A) O art° 10º, nº 1, e respectivas alíneas do artigo 4º do CIRS, na redacção vigente e aplicável ao ano de 1992, regulam a sujeição a IRS como rendimentos da categoria C unicamente dos lucros derivados do exercício habitual de uma actividade comercial ou industrial e não o exercício esporádico ou pontual de uma qualquer actividade lucrativa.

B) Os ganhos resultantes da venda de lotes de terreno para construção na sequência de loteamento efectuado pelo vendedor só são enquadráveis na categoria C (rendimentos comerciais e industriais), nos termos da alínea e) do n.° 1 do artº 4º do CIRS, se resultarem do exercício habitual dessa actividade.

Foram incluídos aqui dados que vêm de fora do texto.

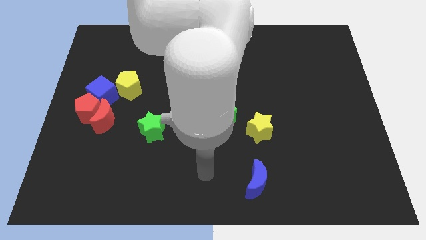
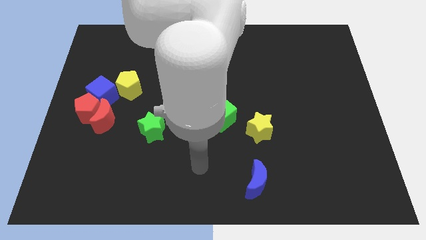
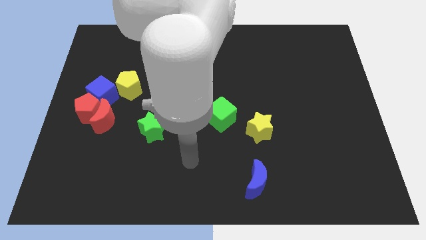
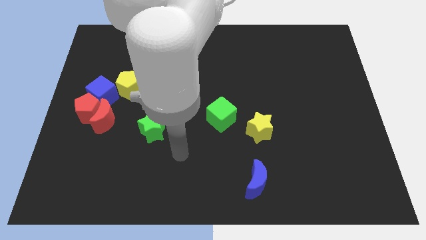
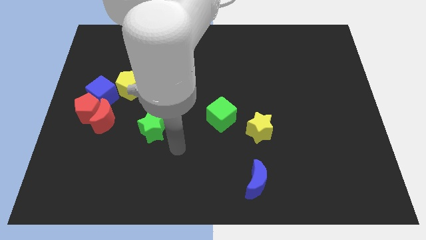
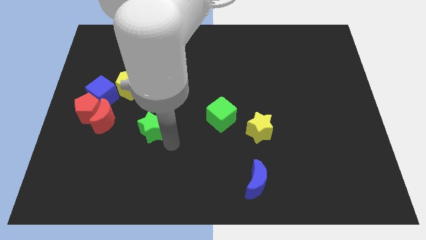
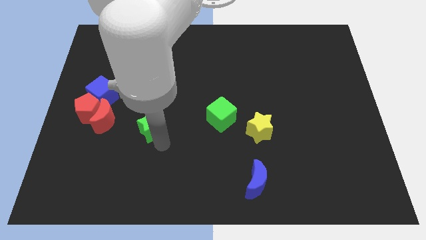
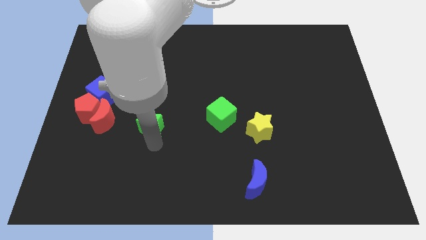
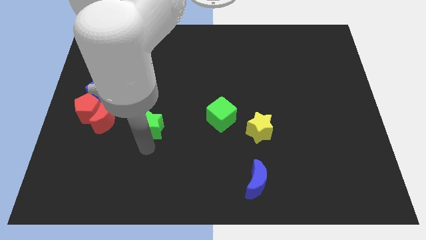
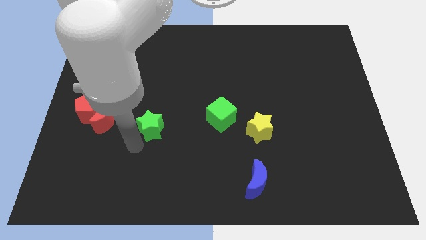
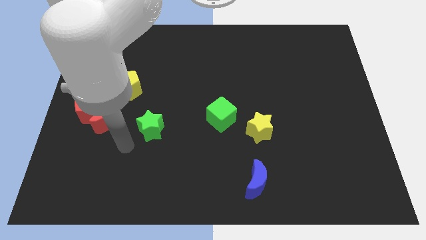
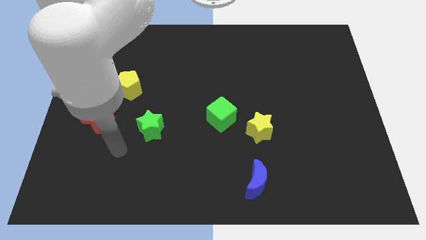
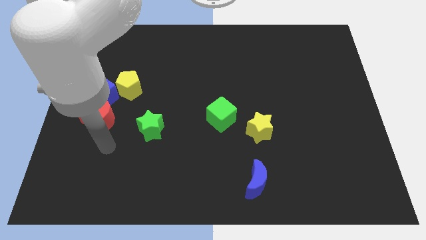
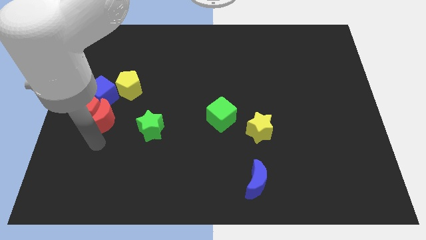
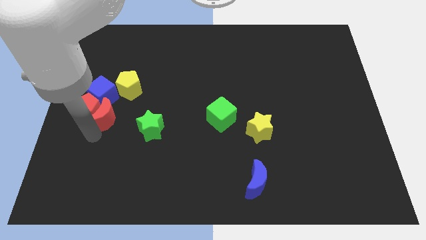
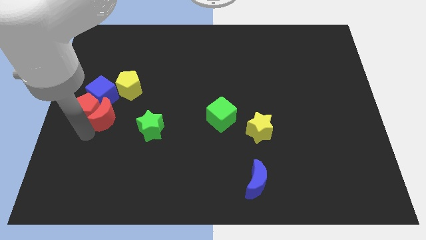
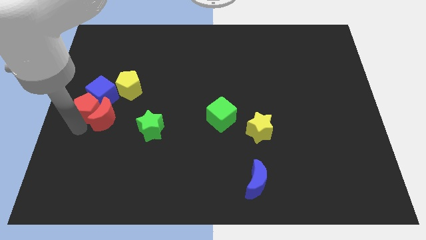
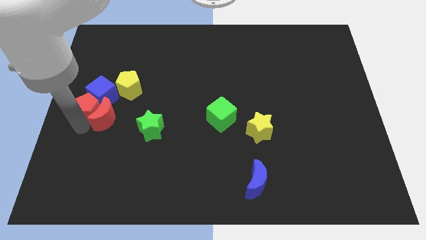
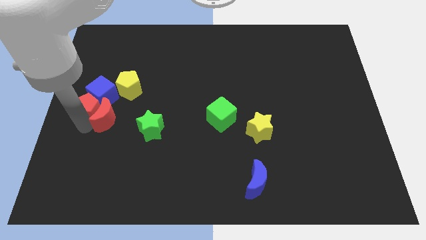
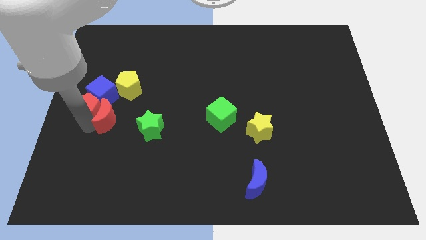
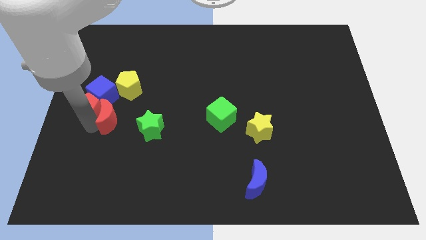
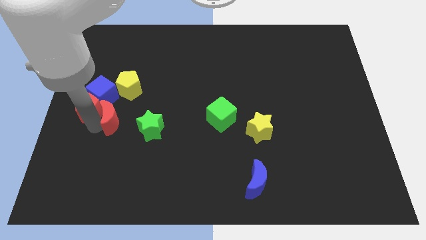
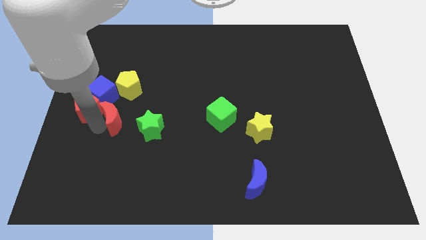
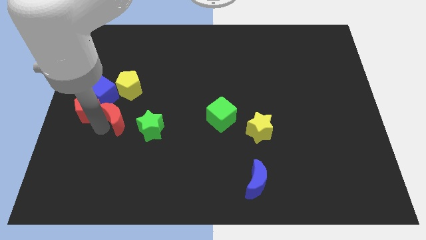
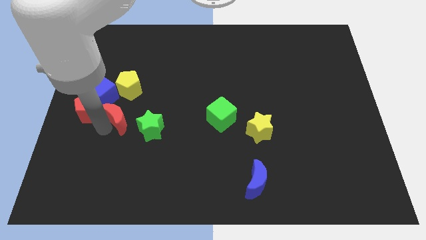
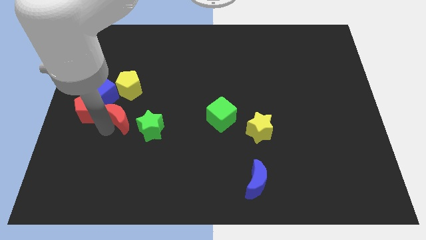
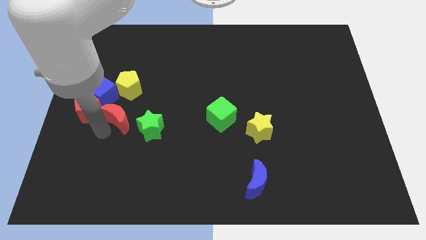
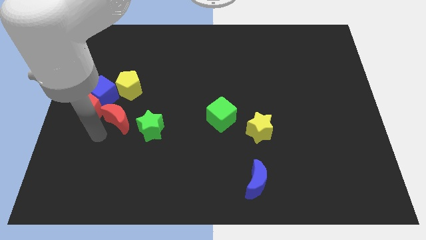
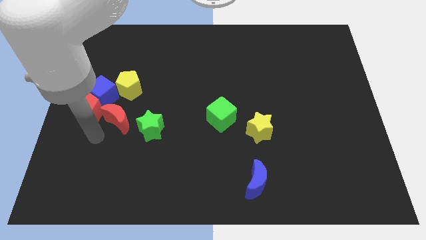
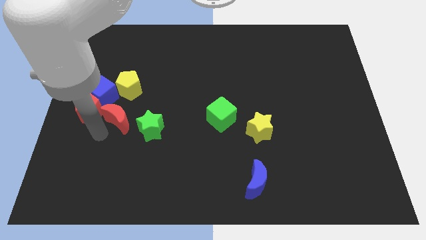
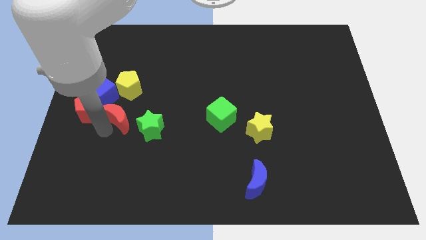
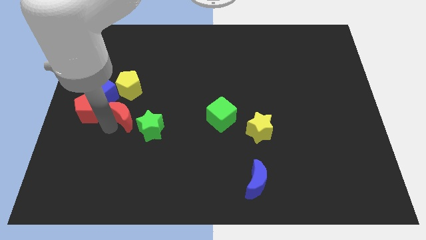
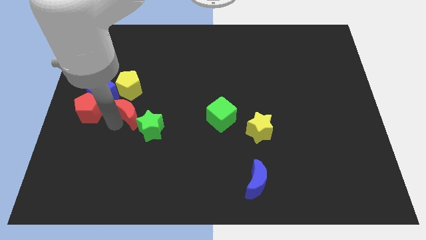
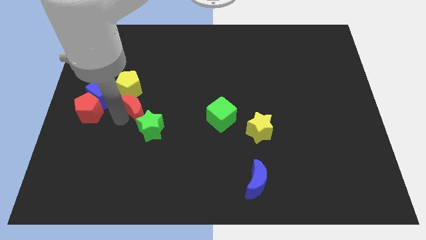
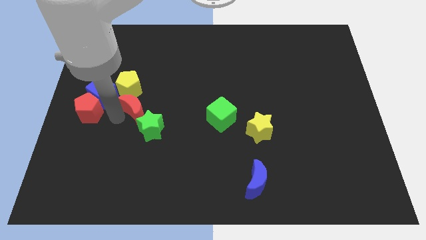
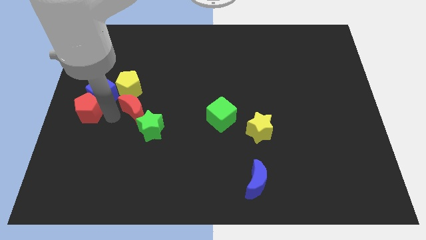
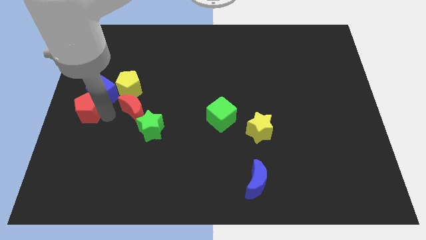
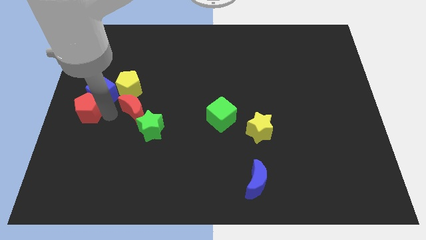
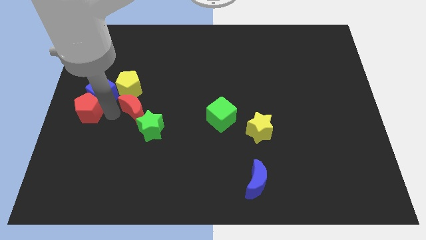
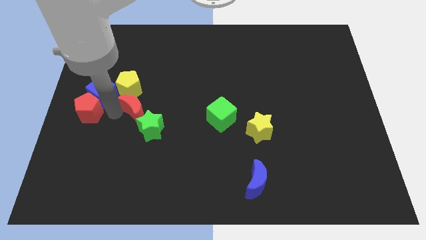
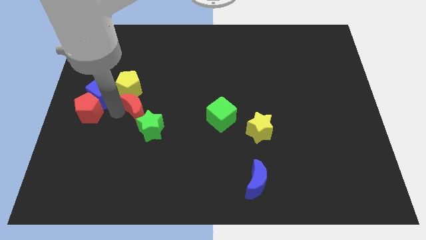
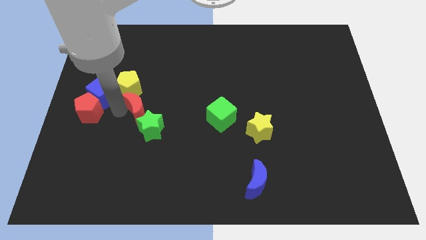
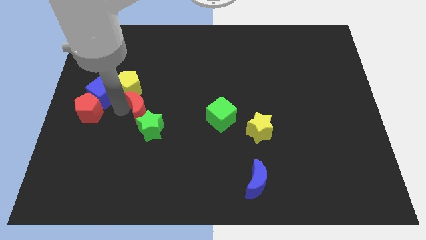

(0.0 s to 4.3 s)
slightly push the red moon to the right

C) O loteamento de um terreno e os actos impostos no respectivo processo de licenciamento não configuram o exercício de actividade comercial ou industrial, mas tão só a remoção de limites jurídicos à venda fraccionada do terreno

D) Os rendimentos derivados da venda de lotes de terreno para construção por quem tenha procedido ao loteamento fora do exercício habitual de actividade empresarial são enquadráveis na categoria G (mais-valias), por força do disposto na alínea a) do n° 1 do artº 10º do CIRS.

E) A douta sentença sob recurso, ao julgar improcedente a impugnação, por considerar os rendimentos obtidos pela recorrente e seu marido enquadráveis no artº 4°, n° 1, alínea e), do CIRS, na redacção vigente em 1992, interpretou erradamente e violou o estabelecido nesse preceito legal

F) A douta sentença sob recurso, ao não dar como provado que, ao adquirirem o terreno, a recorrente e o seu marido tinham intenção de nele construir uma moradia e que só desistiram desse propósito em virtude de doença superveniente, incorre em erro de julgamento em matéria de facto.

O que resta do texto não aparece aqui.